JD Gershbein: Talk about the things they want to do, they hope, and that they feel would be implemented for the good. And, we telegraph that if they, are cool with it, we’re casting this wide net position as a personal brand, so that it’s not just about a healthcare provider, it’s about being someone who is truly in touch with human.
Daniel Wrenne: Yeah. And it seems like there’s a lot, more of those active physicians out there, like I talk about that have a, what I would consider a great profile and they’re very active. And does it just involve setting up a profile? Like if I say I don’t even have LinkedIn or I’m not very active on LinkedIn do I just need to set up a profile and then kinda like takes five minutes and I’m off?
JD Gershbein: Well, many people have. Yeah, many people set up their profile and all about it.
Daniel Wrenne: Don’t put a picture on it.
JD Gershbein: We have seen the visual aesthetic of the LinkedIn profile page heightened through the years, and now we put our own aesthetic onto that page. And yes, it means, of course, having a warm, welcoming, professional headshot,
using verbiage,Installing yourself as a person of impact, person of influence in your field. And that takes a little doing, because on the one hand, you don’t wanna tout yourself over the top. You don’t wanna go to testimonial. But at the same time a little bit of personal selling, a little bit of personal marketing. We’re all marketing ourselves.
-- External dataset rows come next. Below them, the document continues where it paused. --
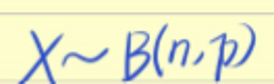
$X \sim B(n,p)$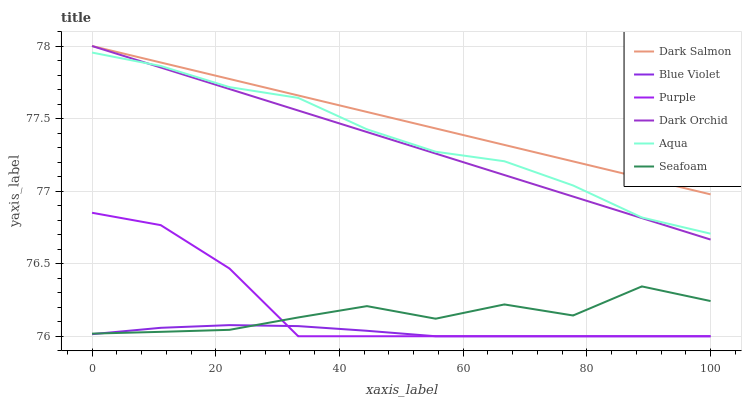
| xaxis_label | Dark Salmon | Blue Violet | Purple | Dark Orchid | Aqua | Seafoam |
 | --- | --- | --- | --- | --- | --- | --- |
 | 0 | 78 | 76 | 76.9 | 78 | 78 | 76 |
 | 11.1 | 77.9 | 76.1 | 76.8 | 77.9 | 77.9 | 76 |
 | 22.2 | 77.8 | 76.1 | 76.5 | 77.7 | 77.7 | 76 |
 | 33.3 | 77.7 | 76.1 | 76 | 77.6 | 77.6 | 76.1 |
 | 44.4 | 77.5 | 76 | 76 | 77.4 | 77.4 | 76.2 |
 | 55.6 | 77.4 | 76 | 76 | 77.3 | 77.3 | 76.1 |
 | 66.7 | 77.3 | 76 | 76 | 77.1 | 77.2 | 76.2 |
 | 77.8 | 77.2 | 76 | 76 | 77 | 77 | 76.1 |
 | 88.9 | 77.1 | 76 | 76 | 76.8 | 76.8 | 76.3 |
 | 100 | 77 | 76 | 76 | 76.7 | 76.7 | 76.2 |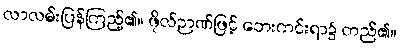
လာလမ်းပြန်ကြည့်၏။ ဖိုလ်ဉာဏ်ဖြင့် ဘေးကင်းရာ၌ တည်၏။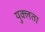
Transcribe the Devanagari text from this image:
युक्लता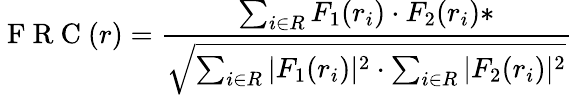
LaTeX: \mathrm{~F~R~C~}(r)=\frac{\sum_{i\in R}F_{1}(r_{i})\cdot F_{2}(r_{i})*}{\sqrt{\sum_{i\in R}|F_{1}(r_{i})|^{2}\cdot\sum_{i\in R}|F_{2}(r_{i})|^{2}}}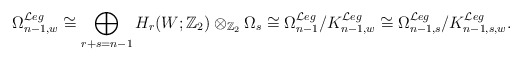
\begin{align*}\Omega^{\mathcal{L}eg}_{n-1,w}\cong\bigoplus_{r+s=n-1}H_r(W;{\mathbb Z}_2)\otimes_{{\mathbb Z}_2}\Omega_s\cong\Omega^{\mathcal{L}eg}_{n-1}/K^{\mathcal{L}eg}_{n-1,w}\cong\Omega^{\mathcal{L}eg}_{n-1,s}/K^{\mathcal{L}eg}_{n-1,s,w}.\end{align*}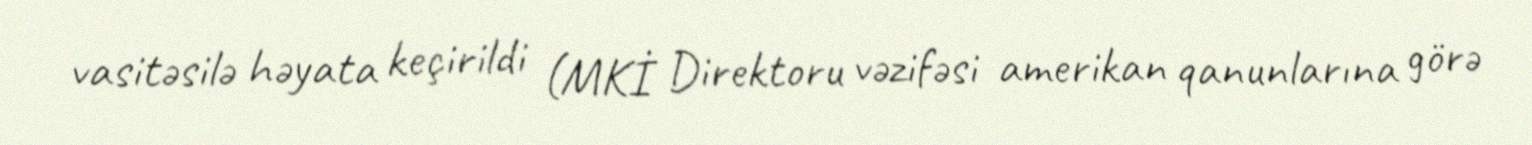
vasitəsilə həyata keçirildi (MKİ Direktoru vəzifəsi amerikan qanunlarına görə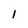
Character: 1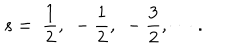
LaTeX: s = ~ \frac { 1 } { 2 } , ~ - \frac { 1 } { 2 } , ~ - \frac { 3 } { 2 } , \cdots { \, } .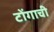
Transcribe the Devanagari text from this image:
टोंगाची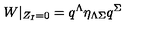
W | _ { Z _ { I } = 0 } = q ^ { \Lambda } \eta _ { \Lambda \Sigma } q ^ { \Sigma }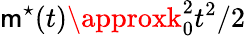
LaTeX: \mathsf{m}^{\star}(t)\approxk_{0}^{2}t^{2}/2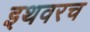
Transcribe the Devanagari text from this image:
इथवरच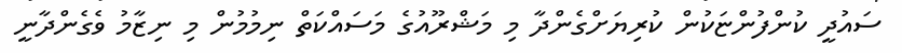
ސައުދީ ކުންފުންޏަކުން ކުރިޔަށްގެންދާ މި މަޝްރޫއުގެ މަސައްކަތް ނިމުމުން މި ނިޒާމު ވެގެންދާނީ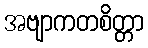
အဗျာကတစိတ္တာ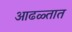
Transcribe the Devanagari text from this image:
आढळ्तात

JD Gershbein: we are trying to reach the people that we can serve and the people who keep coming back. Patients have economic value to doctors and to the medical doctors, and there’s a certain responsibility for doctors to have a presence, maintain that presence and, drive a footprint on LinkedIn so that the patients know who they are.
Daniel Wrenne: We can use my LinkedIn as like a tester LinkedIn. I have a picture. So that’s a good start. And I have. Connections and it’s been around for a while and I haven’t had anyone professionally write my LinkedIn profile and I’m sure it has lots of room for improvement.
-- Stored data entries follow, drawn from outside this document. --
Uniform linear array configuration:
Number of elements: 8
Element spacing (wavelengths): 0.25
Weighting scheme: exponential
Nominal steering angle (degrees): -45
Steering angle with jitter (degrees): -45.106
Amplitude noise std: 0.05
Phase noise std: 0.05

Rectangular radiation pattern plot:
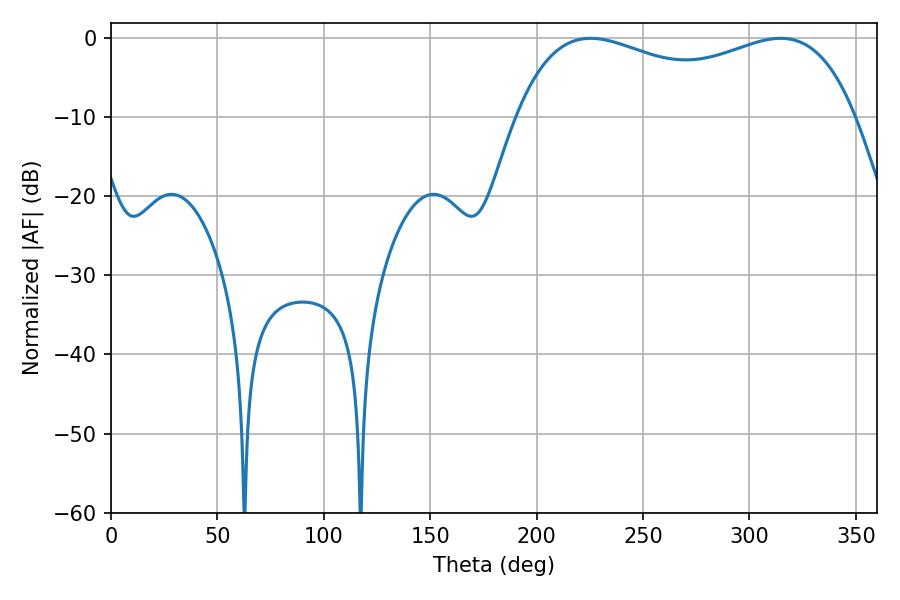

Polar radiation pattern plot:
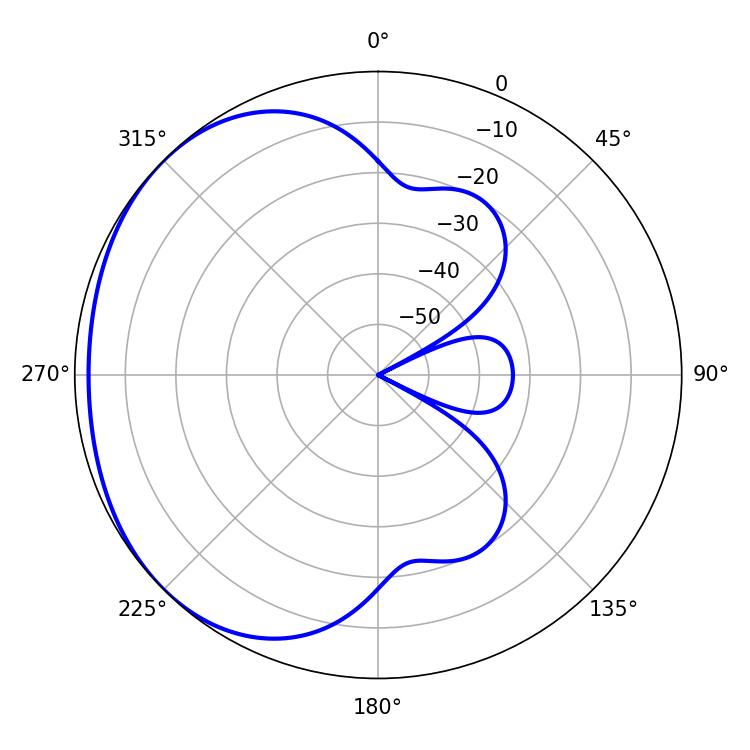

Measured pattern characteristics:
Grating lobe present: FALSE
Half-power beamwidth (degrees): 131.4
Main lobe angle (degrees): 225.36

Daniel Wrenne: And there’s a lot of, I noticed early on in LinkedIn especially, I had a lot of noise in coming through in my feeds and started to feel like a waste of time and just because of all this, mess of connections and you want to have more connections because that’s always good.
Daniel Wrenne: But like, what are some tips for like someone that’s, trying to kind of get past this, I gotta, it start it. Like I want to get this thing a little bit more efficient. Like, do I accept every connection? Do I comment on every post? There’s a ton of things that, you can do in LinkedIn.
JD Gershbein: Well, LinkedIn is a multifaceted platform and whereas I’m not really the tips guy there are plenty of people out there doing tips, but I like to take a look at this from the overarching perspective of making incremental gains. You can’t do it all at once.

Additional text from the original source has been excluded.